> [What is being asked]
Your answer should consist of the line holding "L287.829,165.913 L287.829,167.601 C288.463,166.546" and all lines after it to the end of the material, copied exactly.

> [Working data]

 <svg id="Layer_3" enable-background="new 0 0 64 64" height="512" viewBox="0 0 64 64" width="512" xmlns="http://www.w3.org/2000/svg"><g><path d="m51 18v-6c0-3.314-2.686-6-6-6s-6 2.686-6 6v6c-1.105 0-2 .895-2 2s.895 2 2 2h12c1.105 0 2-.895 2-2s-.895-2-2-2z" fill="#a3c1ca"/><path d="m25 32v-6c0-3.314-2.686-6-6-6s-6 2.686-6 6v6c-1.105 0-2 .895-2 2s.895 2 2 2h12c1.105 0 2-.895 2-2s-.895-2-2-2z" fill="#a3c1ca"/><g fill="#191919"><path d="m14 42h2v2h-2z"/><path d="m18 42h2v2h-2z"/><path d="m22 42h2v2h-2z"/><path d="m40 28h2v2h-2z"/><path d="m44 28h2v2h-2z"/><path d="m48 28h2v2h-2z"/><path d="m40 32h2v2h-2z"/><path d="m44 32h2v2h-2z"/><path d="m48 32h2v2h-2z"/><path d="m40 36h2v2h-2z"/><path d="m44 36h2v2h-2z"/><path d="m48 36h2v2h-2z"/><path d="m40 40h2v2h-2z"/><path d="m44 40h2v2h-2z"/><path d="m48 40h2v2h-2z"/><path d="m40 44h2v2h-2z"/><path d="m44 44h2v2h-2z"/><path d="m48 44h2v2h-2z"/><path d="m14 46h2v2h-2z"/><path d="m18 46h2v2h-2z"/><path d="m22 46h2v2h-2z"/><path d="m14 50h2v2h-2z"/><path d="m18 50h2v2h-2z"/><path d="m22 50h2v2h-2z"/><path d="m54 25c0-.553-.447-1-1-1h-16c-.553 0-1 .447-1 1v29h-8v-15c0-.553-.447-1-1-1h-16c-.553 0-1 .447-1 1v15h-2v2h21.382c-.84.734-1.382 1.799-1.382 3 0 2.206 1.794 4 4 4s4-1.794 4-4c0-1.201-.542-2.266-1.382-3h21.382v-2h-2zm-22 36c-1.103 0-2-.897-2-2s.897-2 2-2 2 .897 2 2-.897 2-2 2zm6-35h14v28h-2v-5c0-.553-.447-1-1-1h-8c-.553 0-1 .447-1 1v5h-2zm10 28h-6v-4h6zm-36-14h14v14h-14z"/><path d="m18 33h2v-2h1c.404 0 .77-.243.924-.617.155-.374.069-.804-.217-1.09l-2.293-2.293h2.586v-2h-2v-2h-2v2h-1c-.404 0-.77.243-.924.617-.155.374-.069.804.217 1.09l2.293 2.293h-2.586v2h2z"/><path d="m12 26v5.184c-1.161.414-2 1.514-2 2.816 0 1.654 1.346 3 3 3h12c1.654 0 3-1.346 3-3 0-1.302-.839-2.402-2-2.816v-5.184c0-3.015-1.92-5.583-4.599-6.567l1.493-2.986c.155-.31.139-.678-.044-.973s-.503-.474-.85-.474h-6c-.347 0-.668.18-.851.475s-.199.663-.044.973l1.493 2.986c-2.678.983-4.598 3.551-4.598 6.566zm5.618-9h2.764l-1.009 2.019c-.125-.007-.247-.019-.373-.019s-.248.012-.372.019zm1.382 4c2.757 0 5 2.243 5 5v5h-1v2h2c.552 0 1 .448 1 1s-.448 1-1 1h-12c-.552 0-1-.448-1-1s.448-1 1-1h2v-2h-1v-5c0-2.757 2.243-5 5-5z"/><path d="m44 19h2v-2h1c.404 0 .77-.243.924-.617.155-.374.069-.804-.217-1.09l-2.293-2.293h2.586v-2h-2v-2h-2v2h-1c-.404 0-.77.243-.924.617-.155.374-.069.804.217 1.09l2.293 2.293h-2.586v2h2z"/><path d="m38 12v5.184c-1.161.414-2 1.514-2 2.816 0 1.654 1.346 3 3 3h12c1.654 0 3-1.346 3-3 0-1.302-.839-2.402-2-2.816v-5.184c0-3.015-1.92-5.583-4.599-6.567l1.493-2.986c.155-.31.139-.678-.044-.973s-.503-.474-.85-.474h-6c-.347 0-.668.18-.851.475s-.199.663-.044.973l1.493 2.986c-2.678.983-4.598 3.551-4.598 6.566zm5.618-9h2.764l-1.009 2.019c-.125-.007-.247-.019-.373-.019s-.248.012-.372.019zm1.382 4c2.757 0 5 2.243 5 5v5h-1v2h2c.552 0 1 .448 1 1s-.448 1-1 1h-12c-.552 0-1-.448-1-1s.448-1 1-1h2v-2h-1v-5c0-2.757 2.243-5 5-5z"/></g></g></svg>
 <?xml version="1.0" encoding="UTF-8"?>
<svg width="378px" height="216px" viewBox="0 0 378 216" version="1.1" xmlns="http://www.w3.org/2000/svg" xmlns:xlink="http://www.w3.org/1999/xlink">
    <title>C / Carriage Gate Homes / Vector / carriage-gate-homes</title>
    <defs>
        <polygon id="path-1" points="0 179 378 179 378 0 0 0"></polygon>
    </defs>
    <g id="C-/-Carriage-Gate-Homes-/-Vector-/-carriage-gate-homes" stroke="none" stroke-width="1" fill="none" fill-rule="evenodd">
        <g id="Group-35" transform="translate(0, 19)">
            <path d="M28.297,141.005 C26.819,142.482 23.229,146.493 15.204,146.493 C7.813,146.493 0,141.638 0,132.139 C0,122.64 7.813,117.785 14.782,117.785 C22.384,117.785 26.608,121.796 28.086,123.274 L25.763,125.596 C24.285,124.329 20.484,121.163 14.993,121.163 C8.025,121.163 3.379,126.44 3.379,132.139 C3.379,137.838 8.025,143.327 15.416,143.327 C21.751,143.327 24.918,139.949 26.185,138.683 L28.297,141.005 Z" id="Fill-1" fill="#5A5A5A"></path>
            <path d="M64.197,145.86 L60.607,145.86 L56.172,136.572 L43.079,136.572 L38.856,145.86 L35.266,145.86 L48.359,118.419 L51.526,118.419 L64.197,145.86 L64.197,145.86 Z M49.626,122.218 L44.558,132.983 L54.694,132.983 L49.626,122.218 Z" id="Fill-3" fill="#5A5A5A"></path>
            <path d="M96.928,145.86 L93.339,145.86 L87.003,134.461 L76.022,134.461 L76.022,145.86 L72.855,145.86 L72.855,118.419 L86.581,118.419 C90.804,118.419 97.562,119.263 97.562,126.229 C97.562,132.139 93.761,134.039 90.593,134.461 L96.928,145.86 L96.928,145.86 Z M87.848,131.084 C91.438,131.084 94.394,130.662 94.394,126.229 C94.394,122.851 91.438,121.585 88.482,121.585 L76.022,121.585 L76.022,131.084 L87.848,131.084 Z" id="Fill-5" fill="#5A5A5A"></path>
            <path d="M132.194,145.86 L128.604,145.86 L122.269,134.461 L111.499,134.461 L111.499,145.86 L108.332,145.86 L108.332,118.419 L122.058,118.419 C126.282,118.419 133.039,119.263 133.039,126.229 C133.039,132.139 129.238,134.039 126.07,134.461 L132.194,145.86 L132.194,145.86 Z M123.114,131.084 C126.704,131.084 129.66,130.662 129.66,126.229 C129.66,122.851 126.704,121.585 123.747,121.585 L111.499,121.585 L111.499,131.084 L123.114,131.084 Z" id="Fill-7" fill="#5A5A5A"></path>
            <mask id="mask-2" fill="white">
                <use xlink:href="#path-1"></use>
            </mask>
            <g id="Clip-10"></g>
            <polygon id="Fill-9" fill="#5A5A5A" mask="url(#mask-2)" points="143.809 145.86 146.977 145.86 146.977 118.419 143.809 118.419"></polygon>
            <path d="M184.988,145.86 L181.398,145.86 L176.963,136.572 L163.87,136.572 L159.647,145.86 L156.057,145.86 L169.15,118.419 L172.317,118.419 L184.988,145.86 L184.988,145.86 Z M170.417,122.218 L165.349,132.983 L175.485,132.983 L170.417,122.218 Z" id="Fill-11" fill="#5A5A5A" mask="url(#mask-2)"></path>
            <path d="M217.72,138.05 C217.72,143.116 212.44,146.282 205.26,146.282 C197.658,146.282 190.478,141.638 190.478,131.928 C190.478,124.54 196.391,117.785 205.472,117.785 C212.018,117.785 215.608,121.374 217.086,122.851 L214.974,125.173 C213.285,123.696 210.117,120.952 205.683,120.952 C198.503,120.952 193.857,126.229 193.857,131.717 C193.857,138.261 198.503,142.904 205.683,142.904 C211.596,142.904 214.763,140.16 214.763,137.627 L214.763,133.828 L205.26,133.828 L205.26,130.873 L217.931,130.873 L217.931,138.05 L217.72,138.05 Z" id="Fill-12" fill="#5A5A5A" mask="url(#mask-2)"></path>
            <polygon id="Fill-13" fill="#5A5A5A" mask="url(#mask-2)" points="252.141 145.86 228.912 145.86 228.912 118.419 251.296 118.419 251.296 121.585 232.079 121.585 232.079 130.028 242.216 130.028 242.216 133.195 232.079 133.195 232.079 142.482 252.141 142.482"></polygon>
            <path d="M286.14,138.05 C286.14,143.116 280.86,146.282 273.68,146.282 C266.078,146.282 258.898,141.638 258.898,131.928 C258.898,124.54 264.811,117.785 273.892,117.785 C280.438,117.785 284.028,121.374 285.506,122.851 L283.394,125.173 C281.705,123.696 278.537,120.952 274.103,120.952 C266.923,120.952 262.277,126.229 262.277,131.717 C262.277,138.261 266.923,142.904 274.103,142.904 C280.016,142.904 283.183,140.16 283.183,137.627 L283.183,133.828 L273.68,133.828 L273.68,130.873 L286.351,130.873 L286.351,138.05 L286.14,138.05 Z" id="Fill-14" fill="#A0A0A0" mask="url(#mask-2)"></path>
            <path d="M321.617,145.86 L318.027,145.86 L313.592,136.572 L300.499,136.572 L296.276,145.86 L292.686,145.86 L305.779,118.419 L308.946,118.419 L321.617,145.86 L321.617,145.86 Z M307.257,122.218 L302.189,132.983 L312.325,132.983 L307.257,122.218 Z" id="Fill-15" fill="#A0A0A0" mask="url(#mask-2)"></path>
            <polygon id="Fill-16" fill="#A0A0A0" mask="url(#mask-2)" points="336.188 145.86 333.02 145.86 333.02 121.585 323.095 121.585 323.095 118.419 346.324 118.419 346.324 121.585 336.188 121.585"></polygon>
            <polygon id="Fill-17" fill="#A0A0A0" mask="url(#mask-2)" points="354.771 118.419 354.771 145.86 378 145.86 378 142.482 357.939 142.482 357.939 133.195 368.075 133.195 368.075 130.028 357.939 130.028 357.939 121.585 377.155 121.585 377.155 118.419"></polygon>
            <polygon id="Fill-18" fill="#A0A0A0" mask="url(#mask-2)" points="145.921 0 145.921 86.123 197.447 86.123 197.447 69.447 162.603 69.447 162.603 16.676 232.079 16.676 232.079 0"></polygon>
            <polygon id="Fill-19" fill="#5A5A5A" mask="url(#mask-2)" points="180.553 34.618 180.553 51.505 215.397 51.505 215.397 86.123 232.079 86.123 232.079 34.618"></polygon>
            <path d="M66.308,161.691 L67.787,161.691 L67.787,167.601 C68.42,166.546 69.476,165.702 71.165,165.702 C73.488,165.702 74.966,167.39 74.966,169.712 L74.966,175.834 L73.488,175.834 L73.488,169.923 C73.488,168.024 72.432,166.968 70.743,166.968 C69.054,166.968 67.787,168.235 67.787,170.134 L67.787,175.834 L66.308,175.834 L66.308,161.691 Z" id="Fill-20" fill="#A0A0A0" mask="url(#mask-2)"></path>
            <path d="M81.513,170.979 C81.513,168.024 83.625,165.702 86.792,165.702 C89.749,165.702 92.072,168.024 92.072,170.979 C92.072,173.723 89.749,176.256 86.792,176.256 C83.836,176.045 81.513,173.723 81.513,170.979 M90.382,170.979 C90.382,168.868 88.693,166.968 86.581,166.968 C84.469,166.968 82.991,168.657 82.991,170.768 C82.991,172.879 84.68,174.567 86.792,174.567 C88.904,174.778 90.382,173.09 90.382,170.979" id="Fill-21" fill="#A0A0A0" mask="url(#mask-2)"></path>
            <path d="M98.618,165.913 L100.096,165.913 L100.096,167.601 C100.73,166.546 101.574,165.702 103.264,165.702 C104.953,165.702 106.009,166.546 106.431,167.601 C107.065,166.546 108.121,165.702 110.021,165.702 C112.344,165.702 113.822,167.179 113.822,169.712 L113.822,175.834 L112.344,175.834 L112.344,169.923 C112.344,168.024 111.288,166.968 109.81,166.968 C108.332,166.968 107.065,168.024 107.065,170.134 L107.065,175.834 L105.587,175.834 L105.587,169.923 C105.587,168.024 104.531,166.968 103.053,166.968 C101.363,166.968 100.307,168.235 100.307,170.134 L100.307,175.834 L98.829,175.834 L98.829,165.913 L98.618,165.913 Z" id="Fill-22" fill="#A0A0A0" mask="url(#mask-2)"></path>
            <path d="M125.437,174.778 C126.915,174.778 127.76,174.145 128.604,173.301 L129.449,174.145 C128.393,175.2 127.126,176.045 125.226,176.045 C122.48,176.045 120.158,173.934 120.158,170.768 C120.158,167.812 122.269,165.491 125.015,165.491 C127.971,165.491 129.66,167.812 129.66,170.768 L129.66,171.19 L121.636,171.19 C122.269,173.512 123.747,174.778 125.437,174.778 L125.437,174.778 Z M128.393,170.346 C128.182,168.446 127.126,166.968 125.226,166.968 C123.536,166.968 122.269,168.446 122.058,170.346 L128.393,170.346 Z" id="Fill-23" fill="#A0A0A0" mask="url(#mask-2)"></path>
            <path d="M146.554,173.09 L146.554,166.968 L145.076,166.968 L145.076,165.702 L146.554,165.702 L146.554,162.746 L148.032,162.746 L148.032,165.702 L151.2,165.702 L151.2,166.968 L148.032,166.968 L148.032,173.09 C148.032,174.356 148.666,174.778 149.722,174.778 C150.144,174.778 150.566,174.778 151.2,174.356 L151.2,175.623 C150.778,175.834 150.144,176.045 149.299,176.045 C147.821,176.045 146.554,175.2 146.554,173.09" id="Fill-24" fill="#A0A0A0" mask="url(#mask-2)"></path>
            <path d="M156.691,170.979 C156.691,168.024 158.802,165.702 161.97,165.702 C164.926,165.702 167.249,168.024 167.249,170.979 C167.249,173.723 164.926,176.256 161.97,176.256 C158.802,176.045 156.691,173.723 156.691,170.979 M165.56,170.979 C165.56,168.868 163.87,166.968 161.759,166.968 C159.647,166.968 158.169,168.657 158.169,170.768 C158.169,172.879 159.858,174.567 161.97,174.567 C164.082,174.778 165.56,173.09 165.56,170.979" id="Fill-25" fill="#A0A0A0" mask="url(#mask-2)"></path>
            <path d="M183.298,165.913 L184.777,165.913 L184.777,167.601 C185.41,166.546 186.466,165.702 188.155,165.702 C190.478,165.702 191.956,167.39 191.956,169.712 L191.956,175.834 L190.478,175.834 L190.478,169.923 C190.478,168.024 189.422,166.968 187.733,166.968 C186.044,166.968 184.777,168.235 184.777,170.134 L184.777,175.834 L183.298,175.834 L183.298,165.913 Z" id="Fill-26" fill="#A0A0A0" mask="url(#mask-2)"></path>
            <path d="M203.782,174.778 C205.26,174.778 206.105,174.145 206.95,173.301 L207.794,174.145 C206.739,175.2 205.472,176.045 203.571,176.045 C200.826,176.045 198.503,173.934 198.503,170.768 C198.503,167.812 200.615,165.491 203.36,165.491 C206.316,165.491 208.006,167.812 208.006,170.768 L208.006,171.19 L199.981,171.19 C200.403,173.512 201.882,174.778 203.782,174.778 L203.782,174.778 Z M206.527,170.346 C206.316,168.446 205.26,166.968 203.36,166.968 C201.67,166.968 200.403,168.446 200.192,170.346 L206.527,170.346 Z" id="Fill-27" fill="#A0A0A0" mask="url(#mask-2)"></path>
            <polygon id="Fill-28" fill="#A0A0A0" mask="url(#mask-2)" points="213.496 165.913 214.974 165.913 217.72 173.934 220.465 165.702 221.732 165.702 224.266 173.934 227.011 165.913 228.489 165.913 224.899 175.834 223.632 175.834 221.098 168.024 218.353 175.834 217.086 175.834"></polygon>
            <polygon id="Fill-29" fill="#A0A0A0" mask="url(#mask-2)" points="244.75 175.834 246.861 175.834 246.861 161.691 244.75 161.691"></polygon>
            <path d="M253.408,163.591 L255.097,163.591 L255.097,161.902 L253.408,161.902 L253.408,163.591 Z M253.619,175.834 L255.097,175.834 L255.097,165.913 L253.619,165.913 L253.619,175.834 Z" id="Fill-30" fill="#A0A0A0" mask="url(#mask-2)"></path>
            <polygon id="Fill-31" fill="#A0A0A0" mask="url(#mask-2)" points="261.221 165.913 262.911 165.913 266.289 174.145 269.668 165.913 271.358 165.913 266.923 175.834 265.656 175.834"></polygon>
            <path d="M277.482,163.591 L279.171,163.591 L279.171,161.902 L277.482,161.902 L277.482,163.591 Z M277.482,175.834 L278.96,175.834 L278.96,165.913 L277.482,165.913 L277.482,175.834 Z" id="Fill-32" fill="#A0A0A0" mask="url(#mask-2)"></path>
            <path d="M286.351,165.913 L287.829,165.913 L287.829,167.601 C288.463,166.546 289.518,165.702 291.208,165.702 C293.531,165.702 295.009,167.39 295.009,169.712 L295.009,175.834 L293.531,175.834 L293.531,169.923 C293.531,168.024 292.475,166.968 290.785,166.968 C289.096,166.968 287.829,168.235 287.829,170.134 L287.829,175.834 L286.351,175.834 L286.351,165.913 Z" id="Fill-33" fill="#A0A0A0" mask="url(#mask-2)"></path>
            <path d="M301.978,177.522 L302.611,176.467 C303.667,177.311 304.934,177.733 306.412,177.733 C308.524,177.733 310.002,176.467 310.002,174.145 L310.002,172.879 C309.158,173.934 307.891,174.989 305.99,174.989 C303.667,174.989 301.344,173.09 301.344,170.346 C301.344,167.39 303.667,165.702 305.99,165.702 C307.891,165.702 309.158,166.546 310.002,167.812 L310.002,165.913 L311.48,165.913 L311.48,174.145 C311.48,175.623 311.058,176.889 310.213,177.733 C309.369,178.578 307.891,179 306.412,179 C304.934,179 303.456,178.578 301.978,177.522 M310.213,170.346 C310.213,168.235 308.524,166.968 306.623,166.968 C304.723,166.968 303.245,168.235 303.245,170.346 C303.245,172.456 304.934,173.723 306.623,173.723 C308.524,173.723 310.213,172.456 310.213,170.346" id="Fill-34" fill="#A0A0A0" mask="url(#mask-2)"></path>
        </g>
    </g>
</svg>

> [Solution to this task]
            <path d="M286.351,165.913 L287.829,165.913 L287.829,167.601 C288.463,166.546 289.518,165.702 291.208,165.702 C293.531,165.702 295.009,167.39 295.009,169.712 L295.009,175.834 L293.531,175.834 L293.531,169.923 C293.531,168.024 292.475,166.968 290.785,166.968 C289.096,166.968 287.829,168.235 287.829,170.134 L287.829,175.834 L286.351,175.834 L286.351,165.913 Z" id="Fill-33" fill="#A0A0A0" mask="url(#mask-2)"></path>
            <path d="M301.978,177.522 L302.611,176.467 C303.667,177.311 304.934,177.733 306.412,177.733 C308.524,177.733 310.002,176.467 310.002,174.145 L310.002,172.879 C309.158,173.934 307.891,174.989 305.99,174.989 C303.667,174.989 301.344,173.09 301.344,170.346 C301.344,167.39 303.667,165.702 305.99,165.702 C307.891,165.702 309.158,166.546 310.002,167.812 L310.002,165.913 L311.48,165.913 L311.48,174.145 C311.48,175.623 311.058,176.889 310.213,177.733 C309.369,178.578 307.891,179 306.412,179 C304.934,179 303.456,178.578 301.978,177.522 M310.213,170.346 C310.213,168.235 308.524,166.968 306.623,166.968 C304.723,166.968 303.245,168.235 303.245,170.346 C303.245,172.456 304.934,173.723 306.623,173.723 C308.524,173.723 310.213,172.456 310.213,170.346" id="Fill-34" fill="#A0A0A0" mask="url(#mask-2)"></path>
        </g>
    </g>
</svg>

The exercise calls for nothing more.